Tun Kyi, a member of a former political prisoners’ group, said the inmates in Insein are willing to take risks to their own safety because they are so strongly opposed to military rule.

“They always say, ‘We are like chickens in a basket, and they can pull out and kill us anytime they like,’” he said.

“That’s why the prisoners are determined to resist their rule. I think they want to make sure the military cannot control them, whether it is in the prison or outside it, no matter how brutally they treat us [as a nation].”

Tun Kyi said that while he admires the political prisoners for their protest, he is worried for their safety. He noted that the junta had recently reopened an interrogation center inside the prison that was closed in 2004.

Since the coup, RFA has documented many reports of detainees facing abuse in junta interrogation centers, including torture, sexual violence and even death.

Zeyar Lwin, the leader of a local branch of the anti-junta People’s Defense Force militia, also applauded the political prisoners on their hunger strike.

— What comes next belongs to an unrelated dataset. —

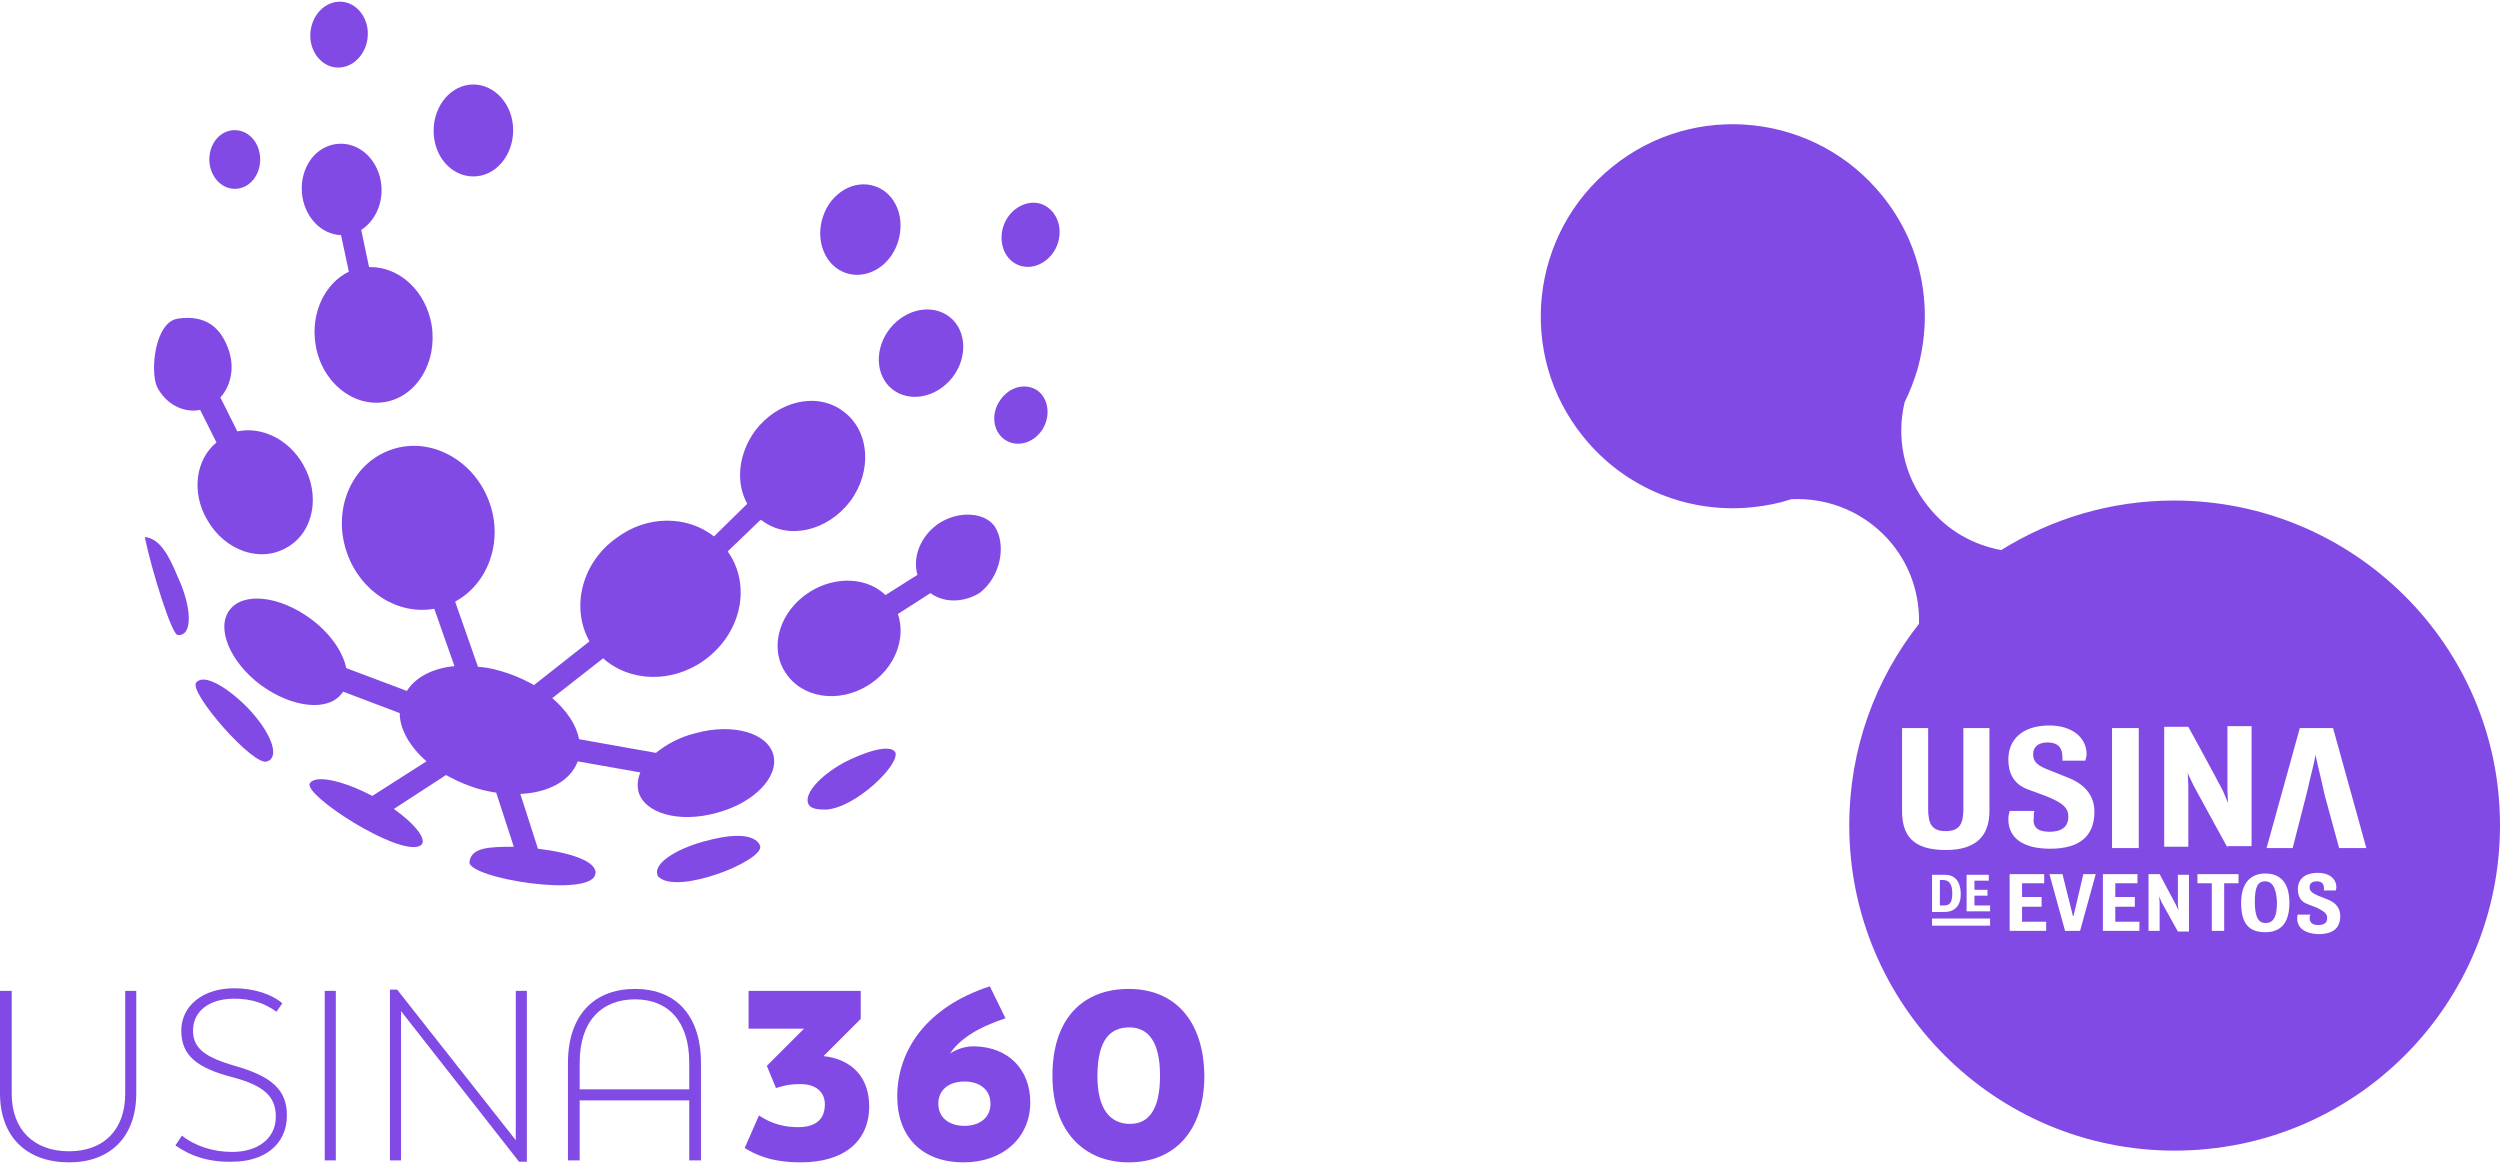 <svg xmlns="http://www.w3.org/2000/svg" width="180" height="84" viewBox="0 0 180 84" fill="none"><path d="M0 78.714V71.343H0.845V78.761C0.845 81.343 2.441 82.892 4.977 82.892C7.465 82.892 9.014 81.343 9.014 78.761V71.343H9.812V78.714C9.812 81.906 7.887 83.69 4.977 83.69C1.972 83.69 0 81.906 0 78.714Z" fill="#824AE5"></path><path d="M12.629 82.47L13.099 81.765C14.038 82.517 15.352 82.939 16.714 82.939C18.592 82.939 19.859 81.953 19.859 80.404C19.859 78.948 19.014 78.15 16.667 77.54C14.178 76.883 13.052 75.991 13.052 74.207C13.052 72.423 14.601 71.155 16.855 71.155C18.357 71.155 19.625 71.624 20.329 72.235L19.906 72.845C19.061 72.235 18.122 71.906 16.855 71.906C15.07 71.906 13.897 72.798 13.897 74.207C13.897 75.521 14.836 76.132 16.901 76.742C19.578 77.493 20.657 78.479 20.657 80.31C20.657 82.423 19.014 83.643 16.714 83.643C15.117 83.69 13.756 83.268 12.629 82.47Z" fill="#824AE5"></path><path d="M24.179 71.343H23.381V83.549H24.179V71.343Z" fill="#824AE5"></path><path d="M37.934 71.343V83.643H37.371L28.873 72.798V83.549H28.075V71.249H28.592L37.136 82.094V71.343H37.934Z" fill="#824AE5"></path><path d="M50.47 76.554V83.549H49.625V79.23H41.737V83.549H40.892V76.554C40.892 73.033 42.817 71.202 45.728 71.202C48.592 71.202 50.47 73.033 50.47 76.554ZM49.625 78.432V76.507C49.625 73.549 48.122 71.953 45.728 71.953C43.287 71.953 41.737 73.549 41.737 76.507V78.432H49.625Z" fill="#824AE5"></path><path d="M62.582 79.653C62.582 82.188 60.751 83.69 57.653 83.69C55.446 83.69 54.319 83.08 53.615 82.657L54.648 80.31C55.071 80.592 55.963 81.155 57.465 81.155C58.733 81.155 59.39 80.592 59.39 79.512C59.39 78.62 58.733 78.056 57.653 78.056C56.714 78.056 56.385 78.197 55.869 78.338L55.212 76.742L57.888 74.066H53.897V71.343H61.972V73.362L59.296 76.038C61.362 76.272 62.582 77.587 62.582 79.653Z" fill="#824AE5"></path><path d="M74.179 79.371C74.179 81.953 72.16 83.69 69.39 83.69C66.339 83.69 64.602 81.812 64.602 78.949C64.602 75.662 66.667 72.517 71.268 71.014L72.395 73.315C70.282 74.019 69.062 74.864 68.404 75.85C68.921 75.521 69.484 75.334 70.141 75.334C72.63 75.38 74.179 77.024 74.179 79.371ZM71.315 79.465C71.315 78.479 70.564 77.869 69.437 77.869C68.311 77.869 67.559 78.479 67.559 79.465C67.559 80.451 68.311 81.061 69.437 81.061C70.564 81.061 71.315 80.451 71.315 79.465Z" fill="#824AE5"></path><path d="M75.775 77.446C75.775 73.268 78.029 71.202 81.268 71.202C84.555 71.202 86.667 73.456 86.714 77.446C86.714 81.437 84.555 83.69 81.268 83.69C78.029 83.69 75.775 81.437 75.775 77.446ZM83.522 77.446C83.522 75.005 82.677 73.972 81.315 73.972C80.001 73.972 79.015 74.77 79.015 77.493C79.015 79.888 79.954 80.92 81.362 80.92C82.677 80.92 83.522 79.934 83.522 77.446Z" fill="#824AE5"></path><path d="M60.891 19.653C62.394 20.169 64.084 19.183 64.647 17.446C65.211 15.709 64.506 13.925 63.004 13.409C61.502 12.892 59.812 13.878 59.248 15.615C58.685 17.305 59.389 19.136 60.891 19.653Z" fill="#824AE5"></path><path d="M64.225 28.009C65.446 28.995 67.371 28.667 68.545 27.211C69.671 25.803 69.624 23.831 68.404 22.845C67.183 21.859 65.258 22.188 64.085 23.643C62.958 25.052 63.005 27.024 64.225 28.009Z" fill="#824AE5"></path><path d="M75.071 14.723C74.038 14.3 72.77 14.958 72.301 16.131C71.831 17.305 72.254 18.667 73.334 19.089C74.366 19.512 75.634 18.854 76.103 17.681C76.573 16.507 76.15 15.192 75.071 14.723Z" fill="#824AE5"></path><path d="M74.601 28.056C73.709 27.54 72.536 27.916 71.925 28.948C71.315 29.934 71.55 31.202 72.442 31.718C73.334 32.235 74.507 31.859 75.118 30.826C75.681 29.794 75.446 28.573 74.601 28.056Z" fill="#824AE5"></path><path d="M54.883 37.493C56.76 38.901 59.577 38.244 61.221 36.085C62.817 33.925 62.629 31.014 60.704 29.606C58.826 28.197 56.009 28.855 54.366 31.014C53.145 32.704 52.958 34.77 53.803 36.272L51.408 38.62C49.483 37.117 46.62 37.071 44.413 38.714C41.878 40.498 41.08 43.737 42.441 46.178L38.45 49.324C37.934 49.042 37.371 48.761 36.713 48.526C35.915 48.244 35.164 48.056 34.413 48.01L32.77 43.315C35.117 42.047 36.244 39.042 35.258 36.225C34.178 33.127 30.986 31.39 28.169 32.376C25.305 33.362 23.896 36.695 24.976 39.794C25.962 42.61 28.638 44.301 31.267 43.831L32.723 47.963C31.174 48.103 29.906 48.761 29.296 49.747L24.929 48.103C24.695 46.93 23.756 45.568 22.347 44.535C20.094 42.892 17.512 42.61 16.526 43.925C15.54 45.239 16.573 47.681 18.779 49.324C21.033 50.967 23.615 51.249 24.601 49.934C24.648 49.887 24.695 49.84 24.695 49.794L28.779 51.343C28.779 52.517 29.53 53.784 30.704 54.817L26.807 57.305C24.648 56.178 22.676 55.756 22.3 56.413C21.878 57.258 28.544 61.578 30.188 60.92C30.986 60.592 29.765 59.23 28.357 58.244L32.112 55.803C32.629 56.085 33.192 56.366 33.85 56.601C34.46 56.836 35.117 56.977 35.727 57.071L36.995 60.967C35.211 60.967 33.944 61.014 33.803 62.047C33.615 63.221 42.535 64.676 42.864 62.939C43.051 62.047 41.127 61.39 38.732 61.108L37.465 57.164C39.483 57.071 41.08 56.225 41.596 54.817L46.103 55.615C45.915 56.085 45.868 56.507 45.962 56.977C46.385 58.573 48.92 59.277 51.596 58.526C54.272 57.822 56.103 55.944 55.681 54.347C55.258 52.751 52.723 52.047 50.047 52.798C48.92 53.08 47.981 53.596 47.23 54.207L41.69 53.221C41.502 52.188 40.798 51.155 39.765 50.263L43.427 47.399C45.305 49.089 48.357 49.23 50.704 47.54C53.38 45.615 54.131 42.141 52.394 39.7L54.742 37.446C54.836 37.446 54.883 37.493 54.883 37.493Z" fill="#824AE5"></path><path d="M34.084 12.704C35.681 12.704 36.948 11.202 36.948 9.371C36.948 7.54 35.634 6.084 34.084 6.084C32.488 6.084 31.221 7.587 31.221 9.418C31.221 11.249 32.488 12.704 34.084 12.704Z" fill="#824AE5"></path><path d="M24.272 4.864C25.398 4.911 26.384 3.925 26.478 2.61C26.572 1.296 25.68 0.169 24.553 0.122C23.427 0.075 22.441 1.061 22.347 2.376C22.253 3.69 23.145 4.817 24.272 4.864Z" fill="#824AE5"></path><path d="M16.901 13.596C17.934 13.596 18.733 12.657 18.733 11.483C18.733 10.31 17.934 9.371 16.901 9.371C15.869 9.371 15.071 10.31 15.071 11.483C15.071 12.61 15.869 13.596 16.901 13.596Z" fill="#824AE5"></path><path d="M22.723 24.817C23.145 27.493 25.399 29.324 27.699 28.948C30 28.573 31.502 26.085 31.079 23.409C30.657 20.92 28.732 19.183 26.572 19.23L26.009 16.554C26.948 15.944 27.558 14.77 27.464 13.409C27.324 11.578 25.915 10.216 24.319 10.357C22.723 10.498 21.596 12.047 21.737 13.878C21.878 15.568 23.098 16.883 24.554 16.93L25.117 19.559C23.38 20.404 22.347 22.564 22.723 24.817Z" fill="#824AE5"></path><path d="M67.23 37.963C66.15 38.901 65.728 40.263 66.056 41.39L63.756 42.845C62.441 41.578 60.188 41.437 58.31 42.611C56.15 43.972 55.352 46.554 56.526 48.385C57.7 50.263 60.376 50.686 62.535 49.324C64.413 48.15 65.258 45.991 64.648 44.207L66.995 42.704C67.934 43.409 69.343 43.409 70.516 42.704C72.066 41.531 72.488 39.183 71.596 37.869C70.751 36.742 68.592 36.789 67.23 37.963Z" fill="#824AE5"></path><path d="M50.658 60.592C48.592 61.155 47.09 62.188 47.324 62.939C47.324 63.033 47.371 63.127 47.465 63.174C48.873 64.394 54.789 62.047 54.742 60.967C54.742 61.014 54.648 59.465 50.658 60.592Z" fill="#824AE5"></path><path d="M14.131 49.136C13.521 49.794 18.31 55.287 19.249 54.817C19.343 54.77 19.39 54.77 19.483 54.676C20.047 54.113 19.296 52.47 17.793 50.92C16.338 49.465 14.695 48.479 14.131 49.136Z" fill="#824AE5"></path><path d="M14.412 29.512L15.586 31.859C14.084 33.08 13.755 35.474 14.929 37.446C16.196 39.653 18.732 40.545 20.657 39.418C22.581 38.338 23.098 35.662 21.83 33.455C20.797 31.624 18.826 30.685 17.088 31.061L15.868 28.62C16.619 27.775 16.901 26.507 16.478 25.239C15.915 23.549 14.788 22.657 12.816 22.939C11.126 23.174 10.797 26.789 11.314 27.869C11.971 29.136 13.239 29.747 14.412 29.512Z" fill="#824AE5"></path><path d="M10.423 38.667C10.939 41.155 12.348 45.615 12.77 45.709C12.911 45.756 13.052 45.709 13.146 45.662C13.85 45.334 13.709 43.503 12.817 41.578C12.16 39.981 11.503 38.761 10.423 38.667Z" fill="#824AE5"></path><path d="M60.751 54.911C58.967 55.897 57.84 57.211 58.216 57.916C58.404 58.244 58.873 58.291 59.484 58.291C61.643 58.15 64.836 55.005 64.46 54.16C64.085 53.55 62.3 54.113 60.751 54.911Z" fill="#824AE5"></path><path d="M140.564 64.301C140.564 63.596 140.282 63.362 139.906 63.362H139.672V65.193H139.953C140.376 65.193 140.564 65.005 140.564 64.301Z" fill="#824AE5"></path><path d="M163.099 63.456C162.535 63.456 162.348 63.878 162.348 64.958C162.348 66.132 162.676 66.46 163.099 66.46C163.615 66.46 163.944 66.132 163.944 64.958C163.897 63.878 163.568 63.456 163.099 63.456Z" fill="#824AE5"></path><path d="M156.526 36.038C151.972 36.038 147.7 37.352 144.085 39.606C142.066 39.23 140.188 38.197 138.826 36.46C137.042 34.254 136.526 31.484 137.136 28.948C137.512 28.197 137.793 27.446 138.028 26.695C139.249 22.47 138.498 17.775 135.54 14.113C130.751 8.15 122.019 7.211 116.103 12C110.141 16.789 109.202 25.521 113.991 31.437C117.042 35.24 121.737 37.024 126.291 36.507C127.183 36.413 128.122 36.225 128.967 35.944C131.69 35.803 134.413 36.93 136.244 39.183C137.606 40.873 138.216 42.892 138.169 44.911C135.024 48.902 133.146 53.925 133.146 59.418C133.146 72.329 143.615 82.845 156.573 82.845C169.531 82.845 180 72.376 180 59.418C180 46.46 169.437 36.038 156.526 36.038ZM139.108 65.615V62.986H140.047C140.704 62.986 141.174 63.409 141.174 64.395C141.174 65.193 140.751 65.662 140 65.662H139.108V65.615ZM139.108 66.132H143.286V66.648H139.108V66.132ZM143.099 64.019V64.489H142.16V65.193H143.286V65.615H141.596V62.986H143.193V63.409H142.16V64.066H143.099V64.019ZM147.559 59.888C148.404 59.888 148.92 59.559 148.92 58.808C148.92 58.197 148.592 57.822 147.277 57.305L146.009 56.836C144.977 56.46 144.601 55.662 144.601 54.676C144.601 53.268 145.587 52.235 147.559 52.235C149.155 52.235 150.235 53.08 150.235 54.301C150.235 54.441 150.188 54.629 150.141 54.77H148.498C148.498 54.676 148.498 54.629 148.498 54.535C148.498 53.737 148.075 53.456 147.418 53.456C146.761 53.456 146.385 53.784 146.385 54.301C146.385 54.864 146.714 55.146 147.606 55.474L149.014 56.038C150.235 56.554 150.798 57.399 150.798 58.432C150.798 60.216 149.718 61.108 147.606 61.108C145.634 61.108 144.601 60.31 144.601 58.995C144.601 58.761 144.648 58.573 144.695 58.385H146.479C146.432 58.526 146.432 58.667 146.432 58.855C146.338 59.512 146.667 59.888 147.559 59.888ZM158.216 63.596V62.939H161.174V63.596H160.141V67.024H159.249V63.596H158.216ZM160.376 61.014C160.376 61.014 158.873 58.291 157.934 56.554C157.794 56.273 157.512 55.662 157.512 55.662C157.512 55.662 157.559 56.319 157.559 56.601V60.967H155.822V52.329H157.559C157.559 52.329 159.108 55.146 160.047 56.93C160.141 57.164 160.423 57.822 160.423 57.822C160.423 57.822 160.376 57.118 160.376 56.883V52.282H162.113V60.92H160.376V61.014ZM155.493 64.958V67.024H154.695V62.939H155.493C155.493 62.939 156.197 64.254 156.667 65.146C156.714 65.24 156.855 65.568 156.855 65.568C156.855 65.568 156.808 65.24 156.808 65.146V62.986H157.606V67.071H156.808C156.808 67.071 156.103 65.803 155.634 64.958C155.587 64.817 155.446 64.535 155.446 64.535C155.446 64.535 155.493 64.817 155.493 64.958ZM152.066 52.423H153.991V61.061H152.066V52.423ZM150.892 62.939L149.765 67.024H148.686L147.559 62.939H148.498L149.249 65.944H149.296L150 62.939H150.892ZM146.995 64.582V65.287H145.587V66.366H147.324V67.024H144.695V62.939H147.183V63.596H145.587V64.582H146.995ZM151.409 62.939H153.897V63.596H152.301V64.582H153.709V65.287H152.301V66.366H154.038V67.024H151.409V62.939ZM163.099 67.118C161.925 67.118 161.362 66.507 161.362 65.005C161.362 63.55 162.066 62.892 163.099 62.892C164.225 62.892 164.836 63.596 164.836 65.005C164.836 66.507 164.178 67.118 163.099 67.118ZM165.399 66.132C165.399 65.991 165.399 65.944 165.446 65.85H166.338C166.338 65.897 166.291 65.991 166.291 66.085C166.291 66.366 166.432 66.601 166.902 66.601C167.324 66.601 167.559 66.46 167.559 66.085C167.559 65.803 167.371 65.615 166.761 65.334L166.15 65.099C165.634 64.911 165.446 64.535 165.446 64.019C165.446 63.315 165.916 62.845 166.902 62.845C167.7 62.845 168.216 63.268 168.216 63.878C168.216 63.925 168.216 64.019 168.169 64.113H167.324C167.324 64.066 167.324 64.019 167.324 63.972C167.324 63.596 167.136 63.456 166.808 63.456C166.479 63.456 166.291 63.596 166.291 63.878C166.291 64.16 166.479 64.301 166.902 64.489L167.606 64.77C168.216 65.005 168.498 65.427 168.498 65.944C168.498 66.836 167.981 67.258 166.902 67.258C165.916 67.212 165.399 66.789 165.399 66.132ZM168.404 61.014L167.418 57.399C167.324 57.071 167.23 56.554 167.136 56.179C166.995 55.615 166.808 54.77 166.714 54.348C166.667 54.77 166.432 55.615 166.291 56.226C166.197 56.648 166.056 57.258 165.963 57.587L165.071 61.061H163.193L165.587 52.423H167.981L170.376 61.061H168.404V61.014ZM138.826 52.423V58.197C138.826 59.277 139.061 59.841 140.094 59.841C141.221 59.841 141.362 59.136 141.362 58.197V52.423H143.24V58.385C143.24 60.122 142.347 61.202 140.094 61.202C137.7 61.202 136.948 60.122 136.948 58.385V52.423H138.826Z" fill="#824AE5"></path></svg>

“These prisoners are resisting the junta by refusing to allow the authorities to rule over them,” he said.

“They are risking their lives to show their resistance. Their strike means challenging the prison authorities and challenging the military regime. They are showing that putting them in the prison will not stop them from opposing the junta.”

Myanmar’s military overthrew the country’s democratically elected government on Feb. 1, 2021, claiming voter fraud had led to a landslide victory for Aung San Suu Kyi’s National League for Democracy party in the country’s November 2020 election.

The junta has yet to provide evidence of its claims and has violently suppressed nationwide protests calling for a return to civilian rule, killing 1,519 people and arresting nearly 9,000 over the last nine months, according to the Thai-based Assistance Association for Political Prisoners.